### The problem
Could you copy every line of the data that contains "directions"?

### Data under study
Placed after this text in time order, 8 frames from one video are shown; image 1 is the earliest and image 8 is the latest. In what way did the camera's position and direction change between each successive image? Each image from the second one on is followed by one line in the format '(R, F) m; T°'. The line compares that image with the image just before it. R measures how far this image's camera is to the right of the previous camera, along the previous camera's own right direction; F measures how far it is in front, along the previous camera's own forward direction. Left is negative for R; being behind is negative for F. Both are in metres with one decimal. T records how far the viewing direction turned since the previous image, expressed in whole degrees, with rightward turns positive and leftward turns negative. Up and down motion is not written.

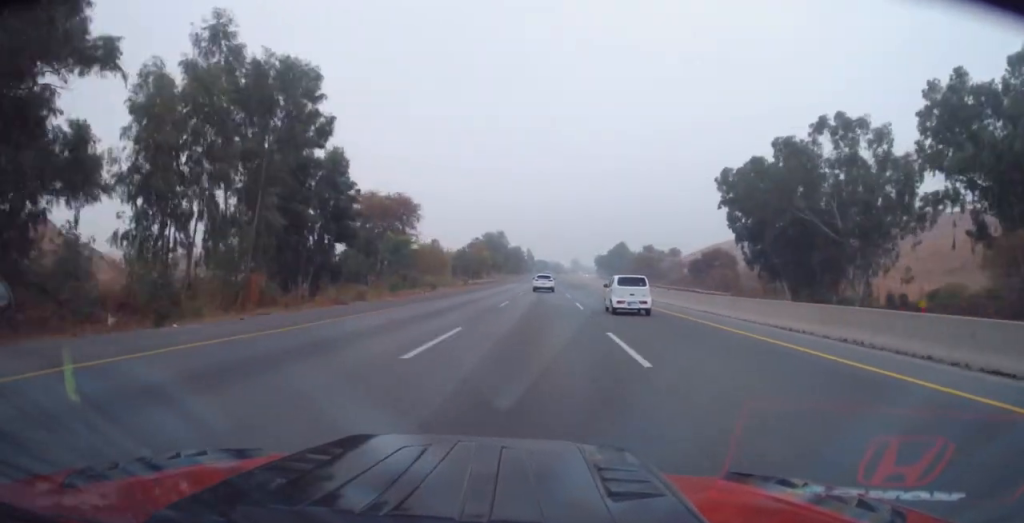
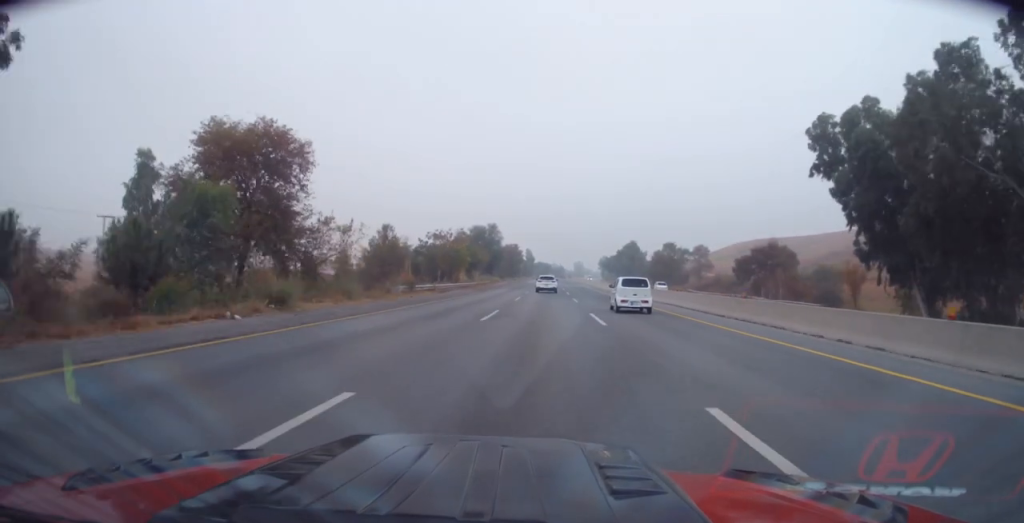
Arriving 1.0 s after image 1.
(+0.4, +27.0) m; 0°
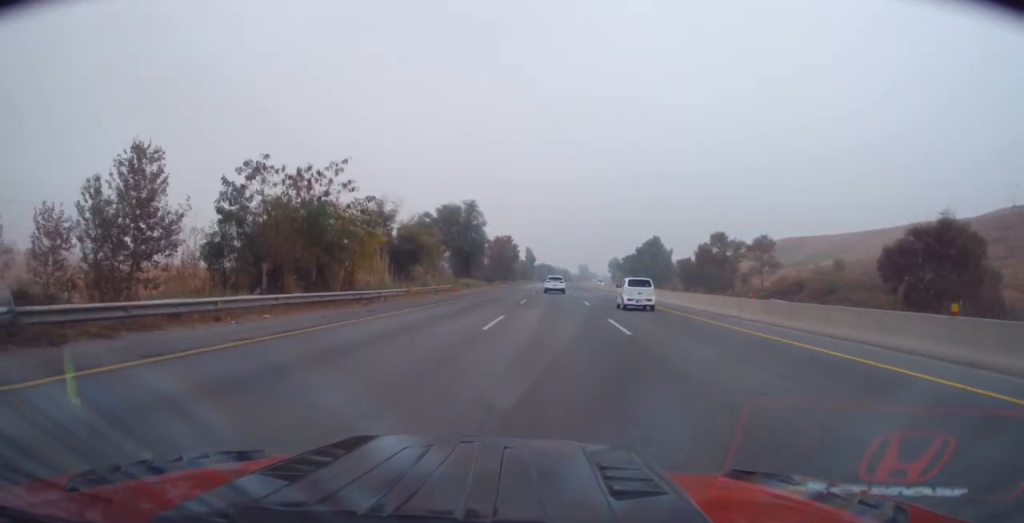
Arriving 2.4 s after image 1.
(-0.7, +38.9) m; 0°
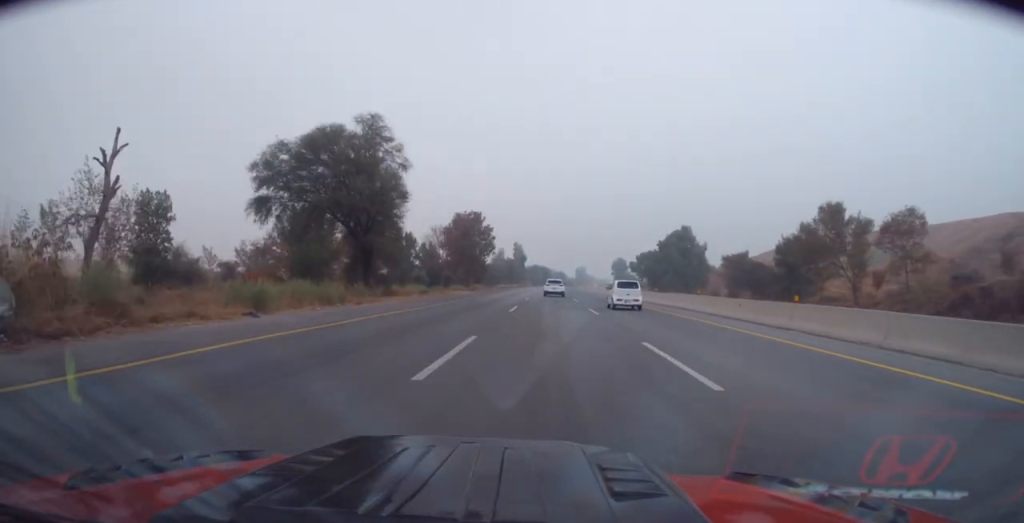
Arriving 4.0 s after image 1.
(+0.7, +44.0) m; +1°
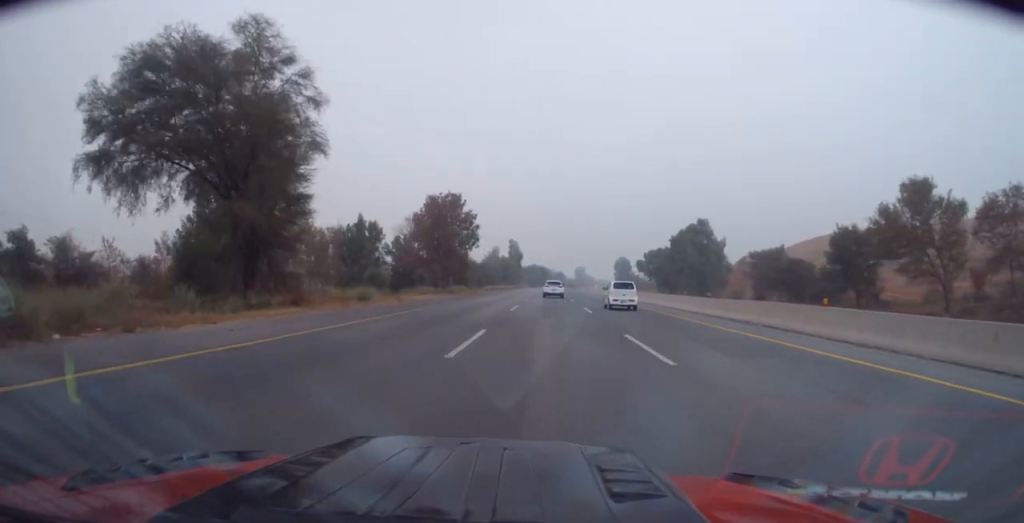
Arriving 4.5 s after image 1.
(0.0, +15.4) m; 0°
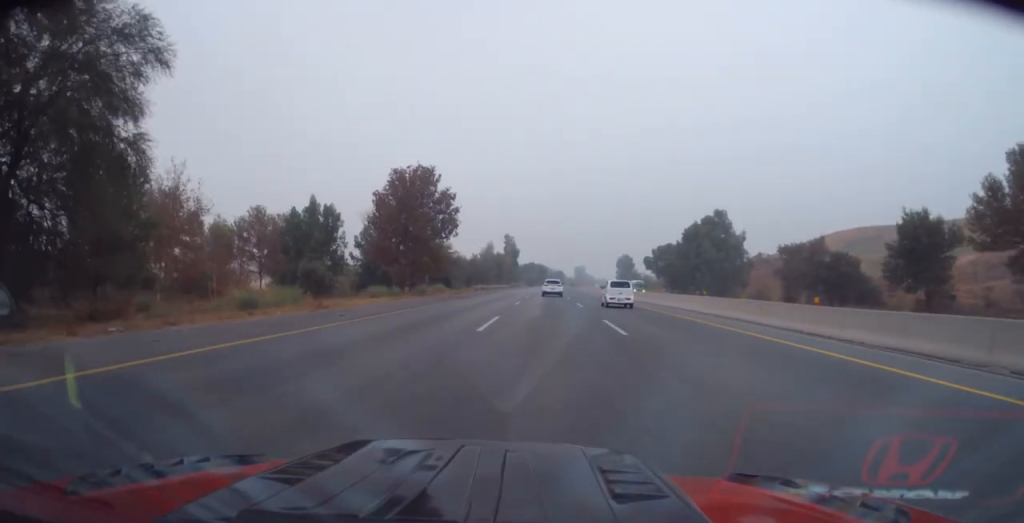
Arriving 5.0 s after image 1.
(+0.1, +12.6) m; 0°
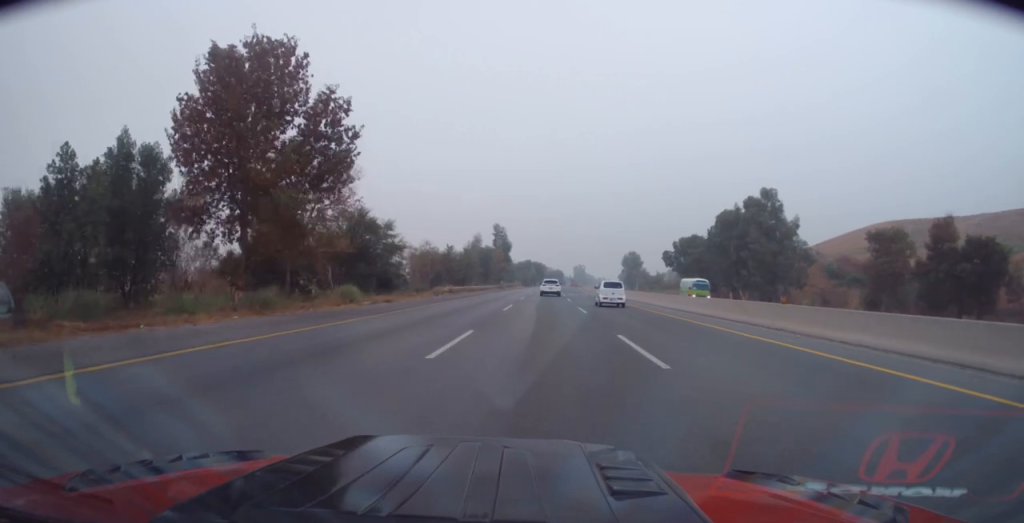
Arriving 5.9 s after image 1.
(+0.1, +24.0) m; 0°
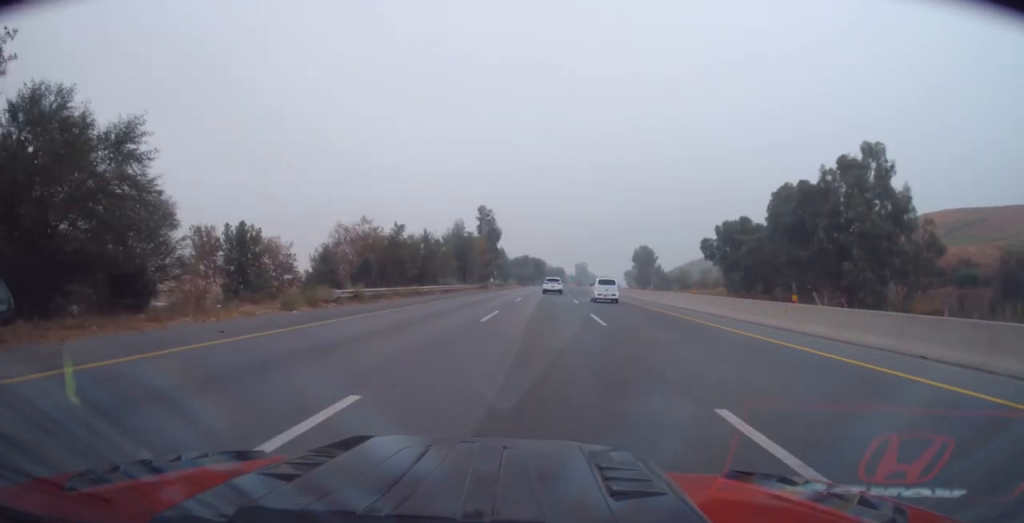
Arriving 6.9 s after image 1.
(-0.2, +27.4) m; 0°
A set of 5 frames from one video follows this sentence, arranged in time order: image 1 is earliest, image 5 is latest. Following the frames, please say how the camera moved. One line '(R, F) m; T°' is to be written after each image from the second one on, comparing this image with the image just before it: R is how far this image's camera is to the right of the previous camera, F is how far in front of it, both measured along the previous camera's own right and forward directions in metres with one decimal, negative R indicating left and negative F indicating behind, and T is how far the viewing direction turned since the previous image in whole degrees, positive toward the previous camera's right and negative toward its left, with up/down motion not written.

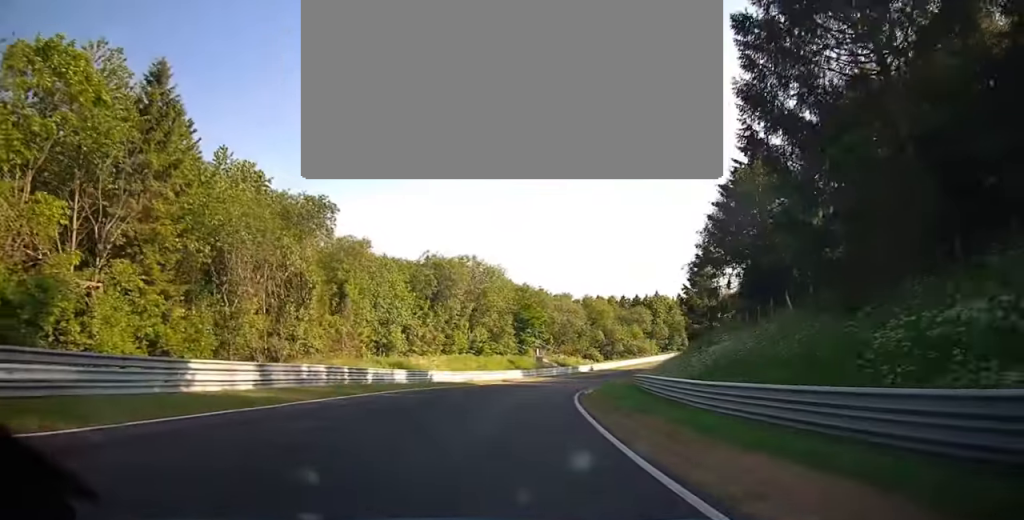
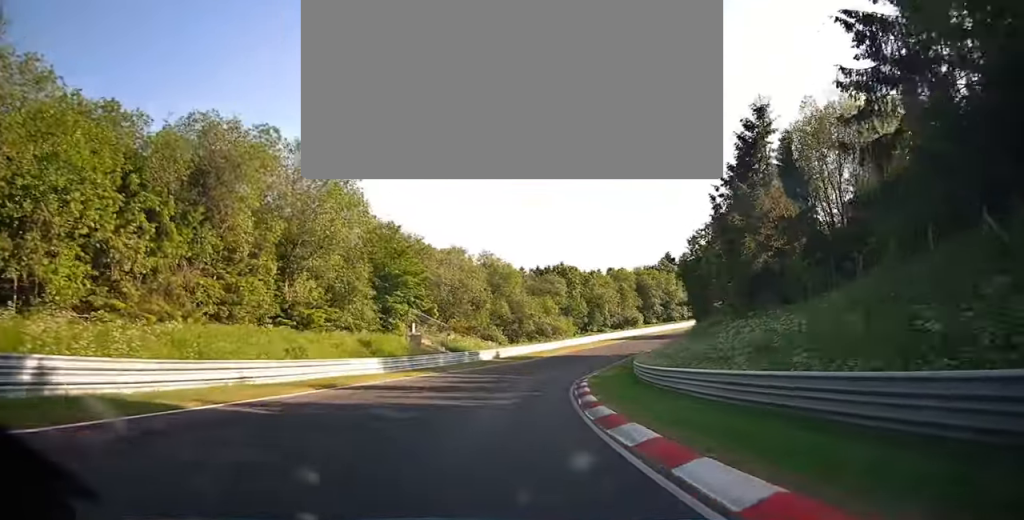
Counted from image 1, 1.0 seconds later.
(+5.3, +33.0) m; +10°
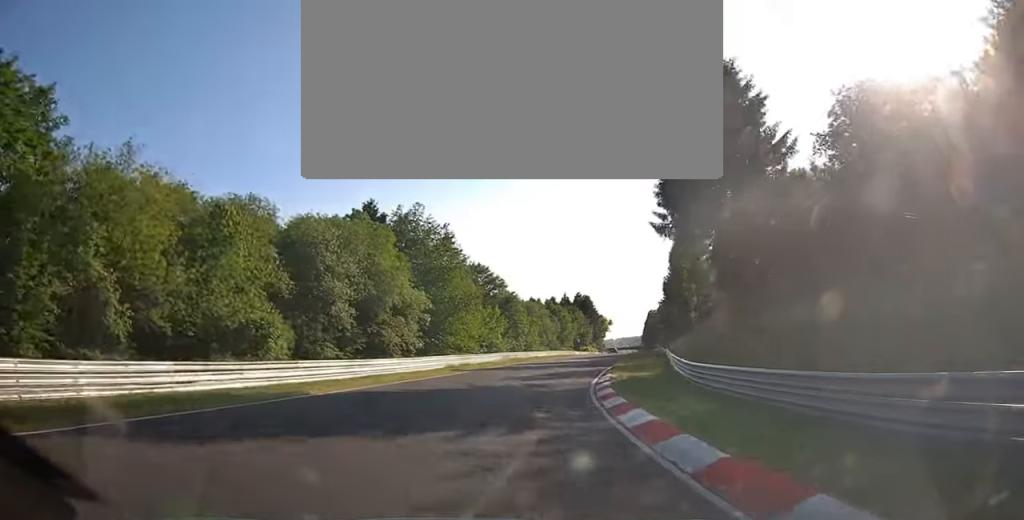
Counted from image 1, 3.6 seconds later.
(+20.1, +86.3) m; +29°
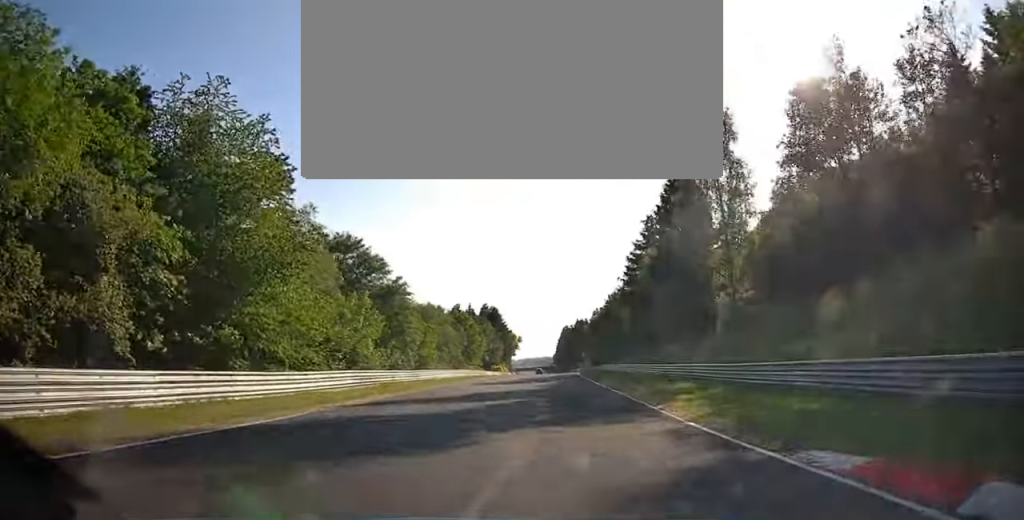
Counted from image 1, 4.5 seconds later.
(+2.7, +33.1) m; +6°
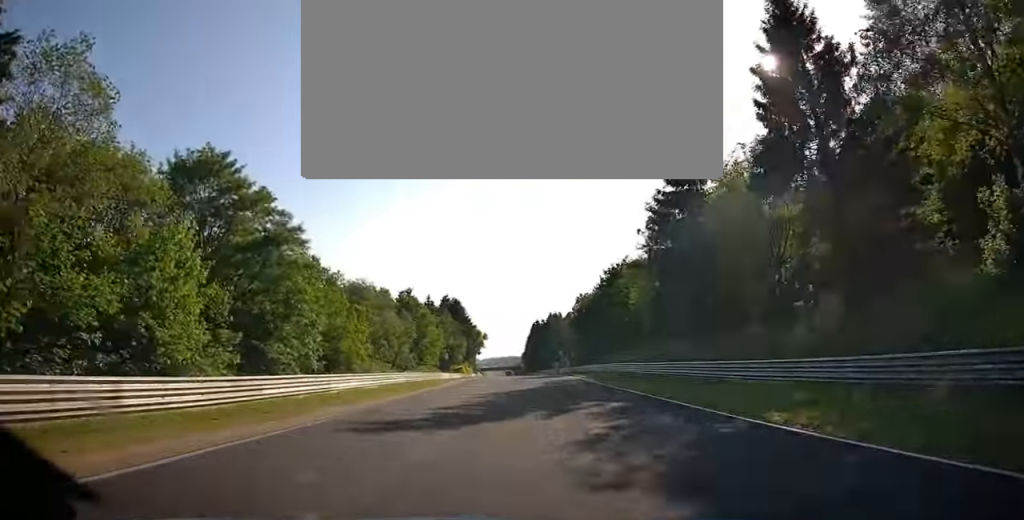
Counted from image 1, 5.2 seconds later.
(-0.3, +25.8) m; +2°
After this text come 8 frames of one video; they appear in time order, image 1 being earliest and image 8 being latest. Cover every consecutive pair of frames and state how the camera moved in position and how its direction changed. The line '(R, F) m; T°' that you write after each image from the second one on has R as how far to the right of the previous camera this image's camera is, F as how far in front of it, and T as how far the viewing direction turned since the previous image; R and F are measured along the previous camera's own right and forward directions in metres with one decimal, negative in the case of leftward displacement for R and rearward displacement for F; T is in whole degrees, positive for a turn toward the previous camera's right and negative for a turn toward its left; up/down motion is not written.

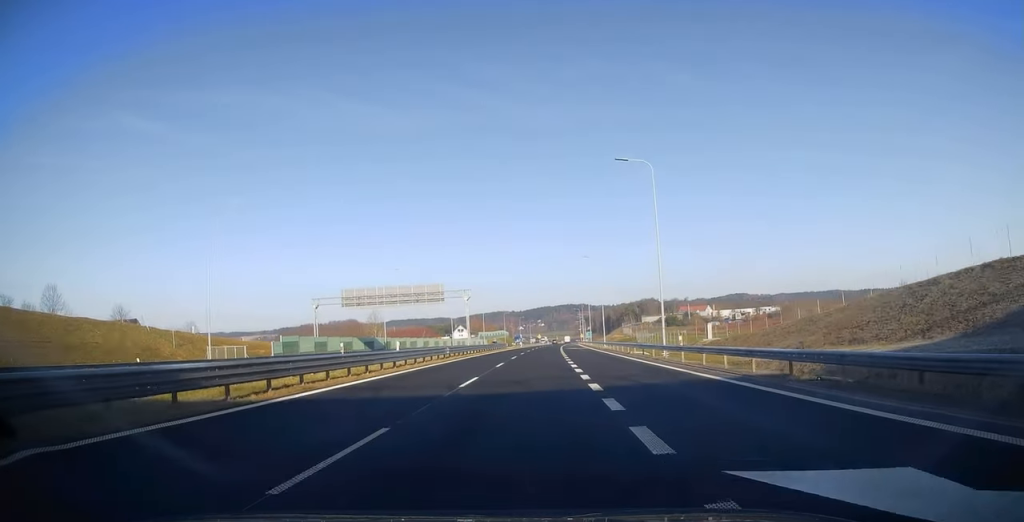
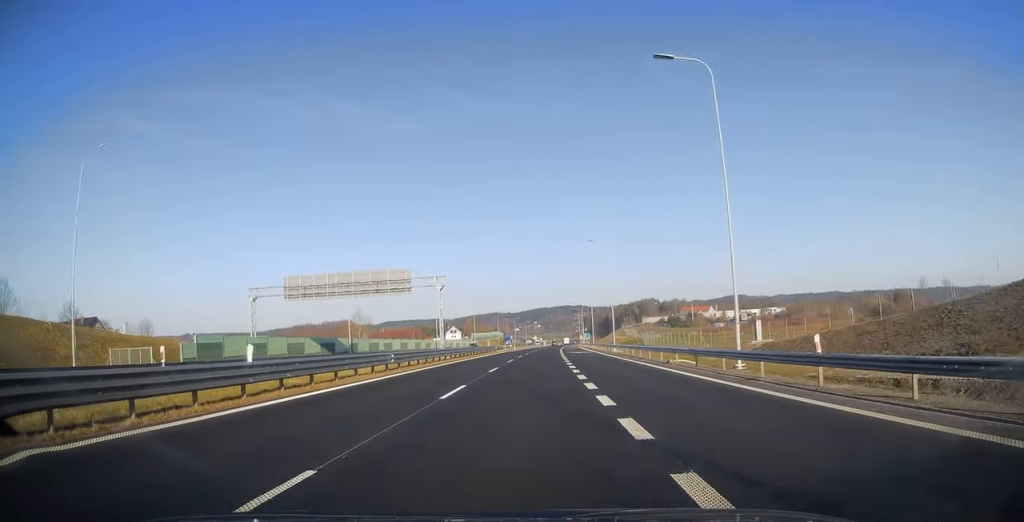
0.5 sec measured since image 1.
(0.0, +14.9) m; 0°
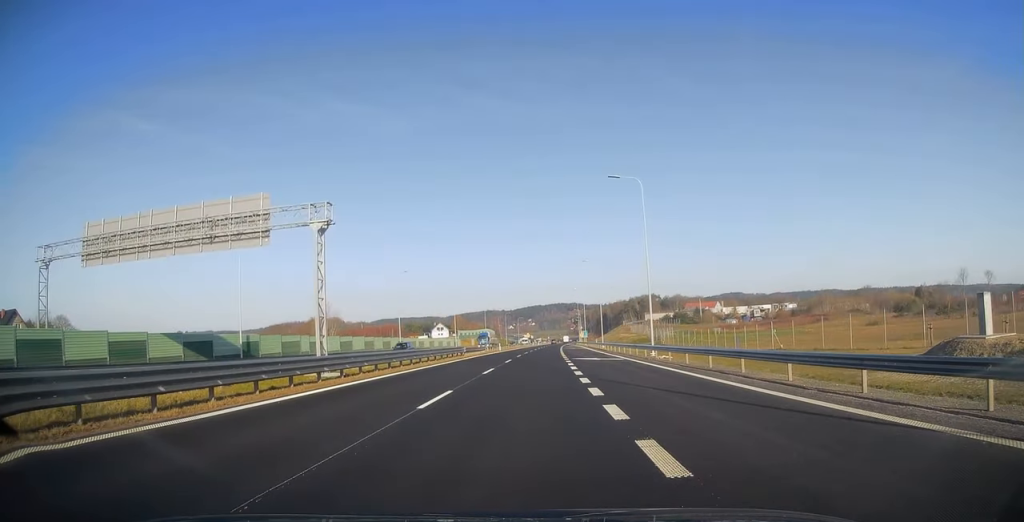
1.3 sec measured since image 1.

### Completed exercise
A set of 5 frames from one video follows this sentence, arranged in time order: image 1 is earliest, image 5 is latest. Following the frames, please say how the camera moved. One line '(R, F) m; T°' is to be written after each image from the second one on, comparing this image with the image just before it: R is how far this image's camera is to the right of the previous camera, F is how far in front of it, both measured along the previous camera's own right and forward directions in metres with one decimal, negative R indicating left and negative F indicating behind, and T is how far the viewing direction turned since the previous image in whole degrees, positive toward the previous camera's right and negative toward its left, with up/down motion not written.
After this text come 8 frames of one video; they appear in time order, image 1 being earliest and image 8 being latest. Cover every consecutive pair of frames and state how the camera moved in position and how its direction changed. The line '(R, F) m; T°' that you write after each image from the second one on has R as how far to the right of the previous camera this image's camera is, F as how far in front of it, and T as how far the viewing direction turned since the previous image; R and F are measured along the previous camera's own right and forward directions in metres with one decimal, negative in the case of leftward displacement for R and rearward displacement for F; T is in whole degrees, positive for a turn toward the previous camera's right and negative for a turn toward its left; up/down motion is not written.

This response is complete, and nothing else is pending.